Solution Verified - Updated

Environment

  • Red Hat Enterprise Linux 5
  • Connected to SAN with many LUNs and paths

Issue

  • Booting takes an hour or more, and udev takes up a lot of the time.

Resolution

  • Disabling the pam_console_apply udev rule in /etc/udev/rules.d/95-pam-console.rules reduces boot times to an acceptable level.

  • Alternately, modify the rule, adding SYSFS{type}!="0" to the criteria; which avoids firing the rule for DISK type devices.

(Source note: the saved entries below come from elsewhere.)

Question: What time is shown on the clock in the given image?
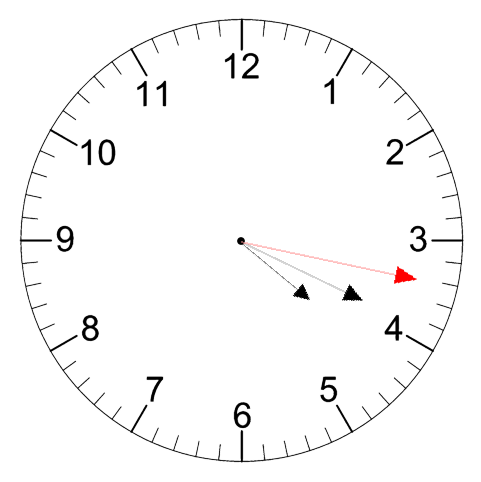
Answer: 04:19:17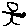
Label: tree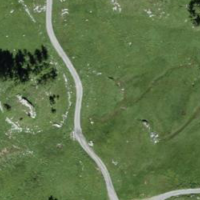
EUNIS habitat code: 23
Species observed at this site:
Pimpinella major
Cupido minimus
Dryas octopetala
Eriophorum angustifolium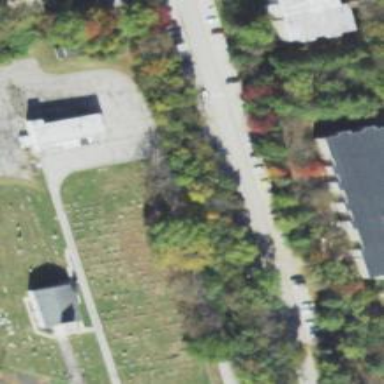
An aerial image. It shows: Graveyard.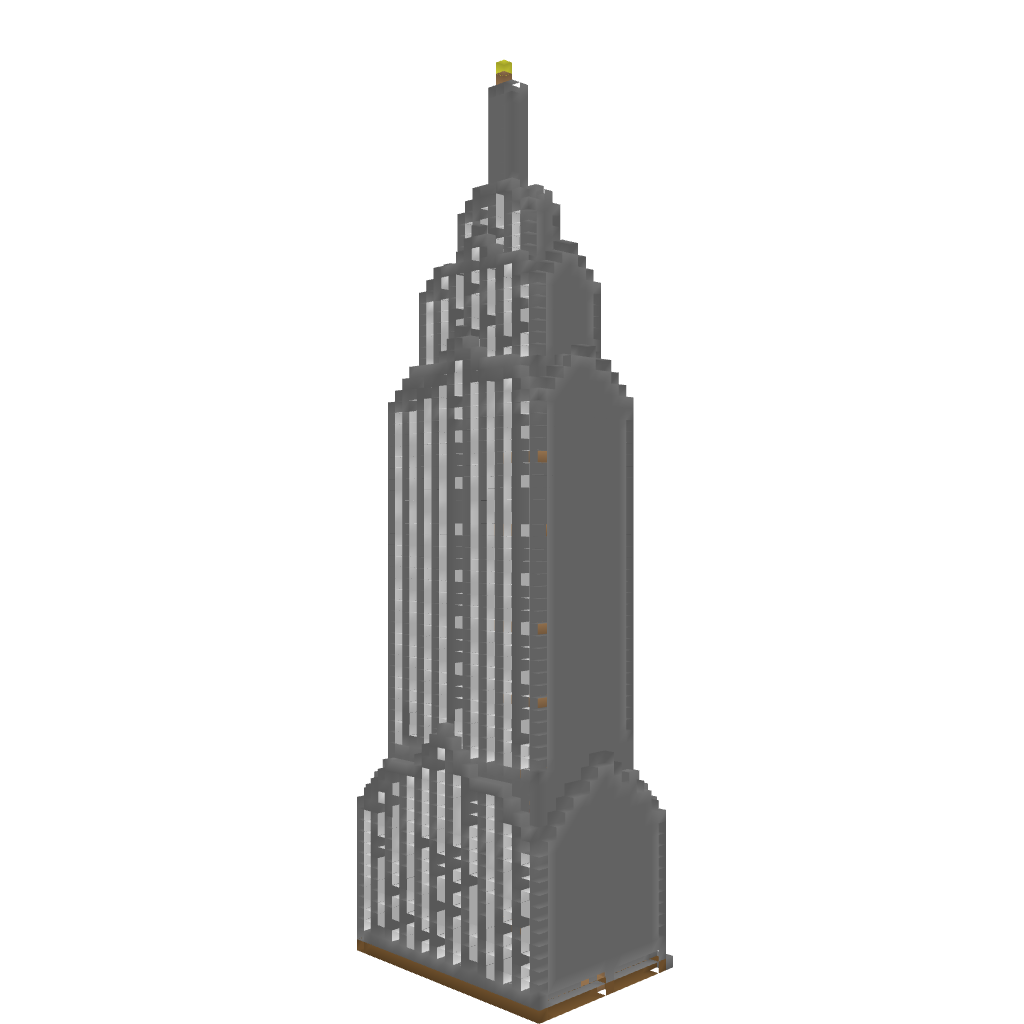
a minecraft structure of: Empire State Building *Medium* high quality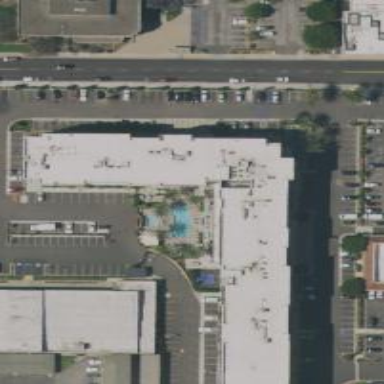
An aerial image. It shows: Hotel building.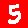
Digit: 5
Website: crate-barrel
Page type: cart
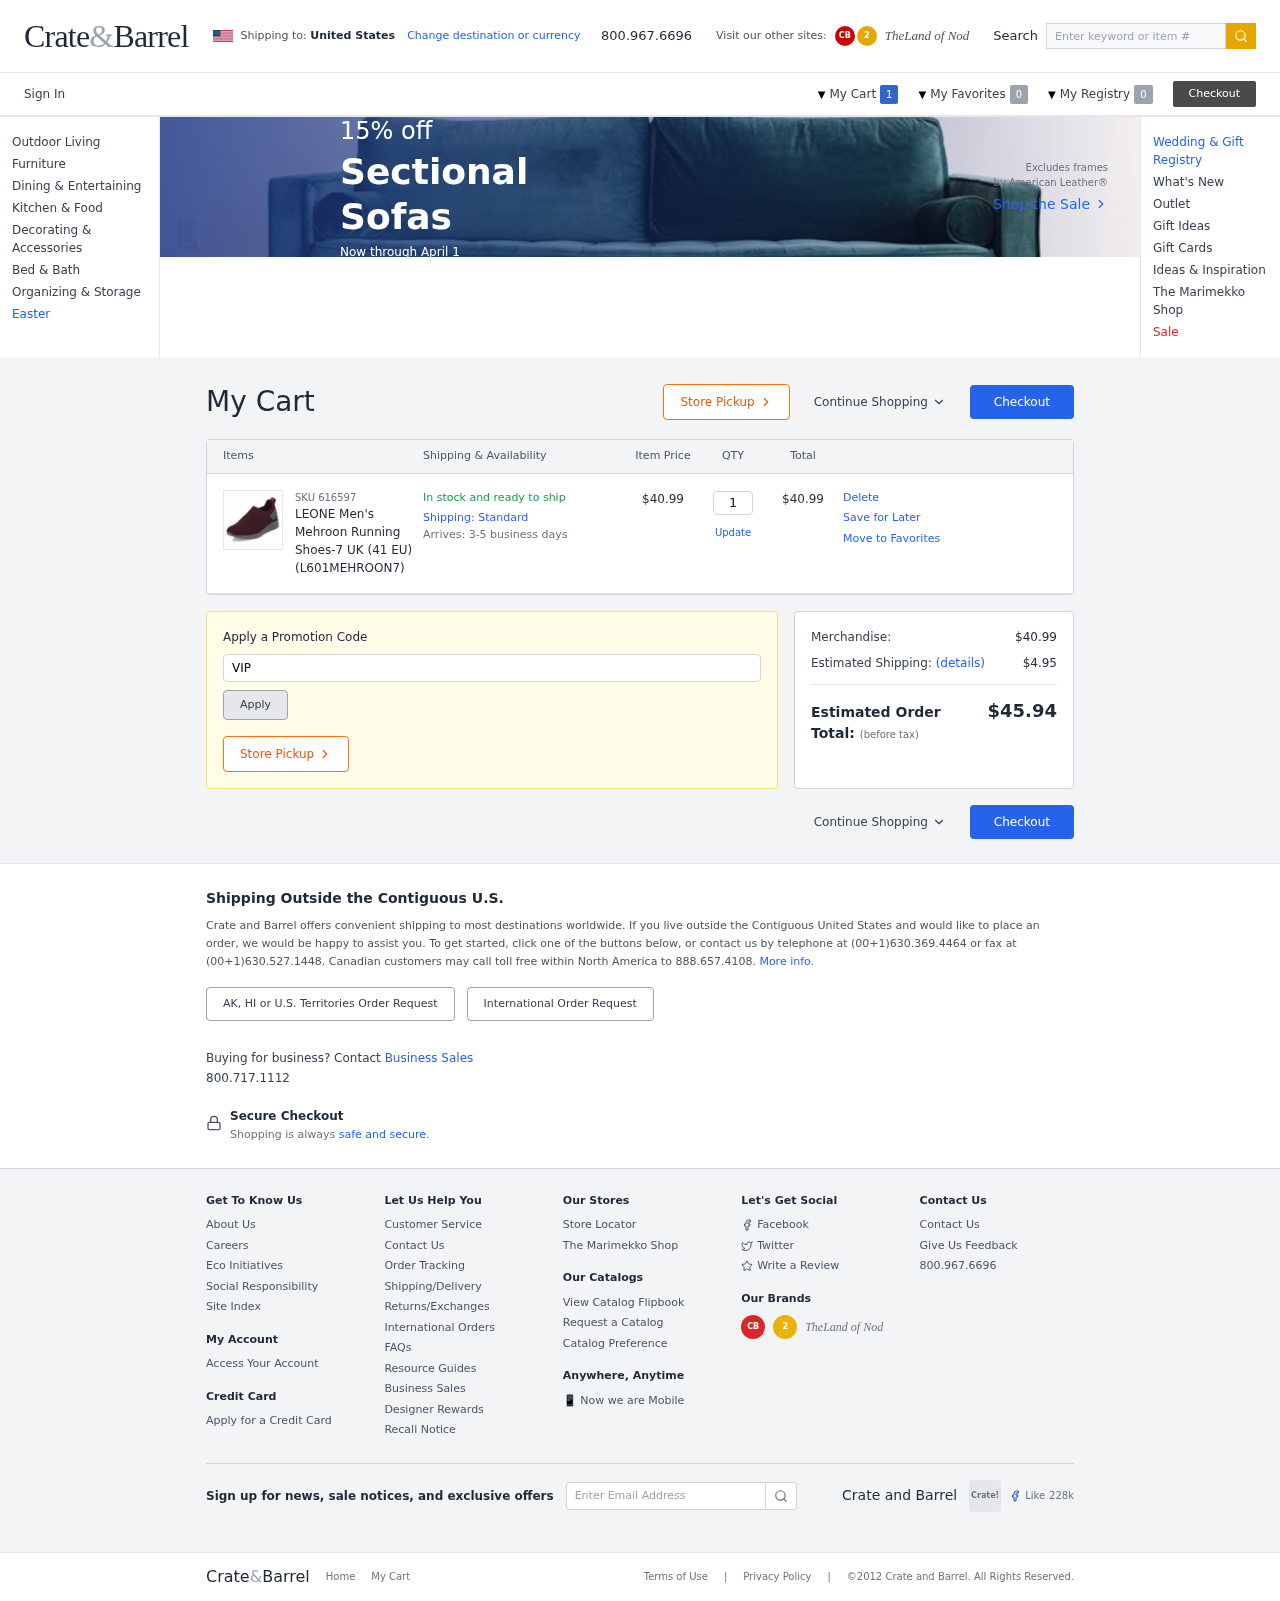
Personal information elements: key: PII_PROMO_CODE
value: VIP3257
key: PII_COUNTRY
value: United States
Product elements: key: PRODUCT1_NAME
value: LEONE Men's Mehroon Running Shoes-7 UK (41 EU) (L601MEHROON7)
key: PRODUCT1_PRICE
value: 40.99
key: PRODUCT1_QUANTITY
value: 1
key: PRODUCT1_SKU
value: SKU 616597
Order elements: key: ORDER_NUM_ITEMS
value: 1
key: ORDER_ITEM_TOTAL
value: $40.99
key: ORDER_SUBTOTAL
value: $40.99
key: ORDER_SHIPPING_COST
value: $4.95
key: ORDER_TOTAL
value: $45.94
Search elements: key: HEADER_SEARCH
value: Enter keyword or item #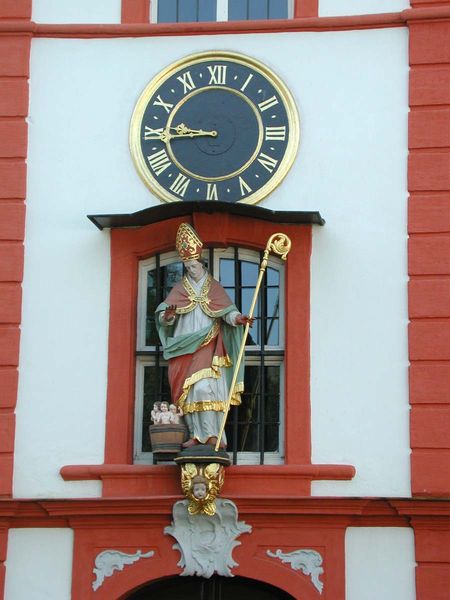
Titel: Spital
Schlagwörter: hand, mann, weiß, kirchturm, fenster, handschuhe, tür, rot, kappe, gesicht, rahmen, gitter, kirche, gold, stehend, turm, engel, statue, kopfbedeckung, stab, mauer, bischof, uhr, eingang, priester, kapelle, heiliger, glasscheiben, zeit, eimer, prophet, zeiger, uhrturm, martin, uhrzeit, nikolaus, kirchenuhr, clock, engelsgesicht, church, heilige martin, uhrt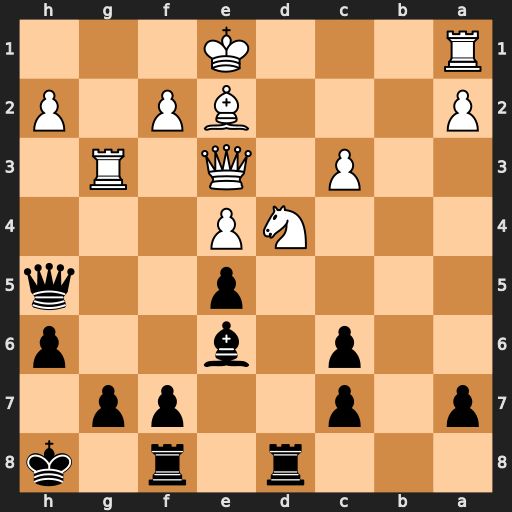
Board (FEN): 3r1r1k/p1p2pp1/2p1b2p/4p2q/3NP3/2P1Q1R1/P3BP1P/R3K3
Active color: b
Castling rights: Q
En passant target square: -
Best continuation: exd4 Bxh5 dxe3
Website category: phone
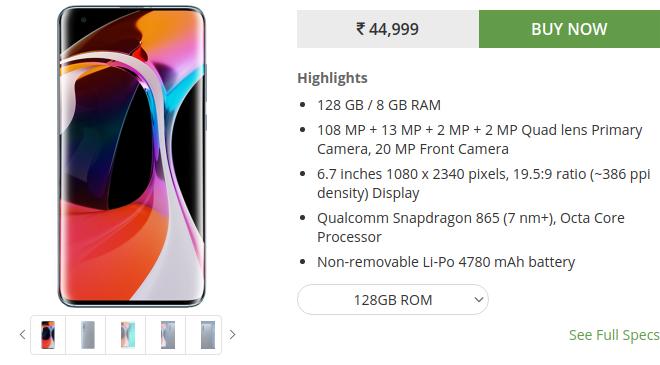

    Note: If you are running a version of udev less than udev-095-14.29.el5 (from RHBA-2013-0091), the modification to 95-pam-console.rules may be wiped out when udev is updated.

Root Cause

* On system boot, the udev helper application, pam_console_apply, was called
for every disk on the system. This was unnecessary for example for SCSI
disks, which do not have default pam console permissions. As a consequence,
the boot process was significantly slowed down if the system contained a
large number of disks. To fix this problem, the
/etc/udev/rules.d/95-pam-console.rules file has been marked as a
configuration file and it will not be automatically updated with newer udev
versions. System administrators should now comment out the pam_console_apply
call in this file on systems that do not need non-root user access to
devices. (BZ#736475)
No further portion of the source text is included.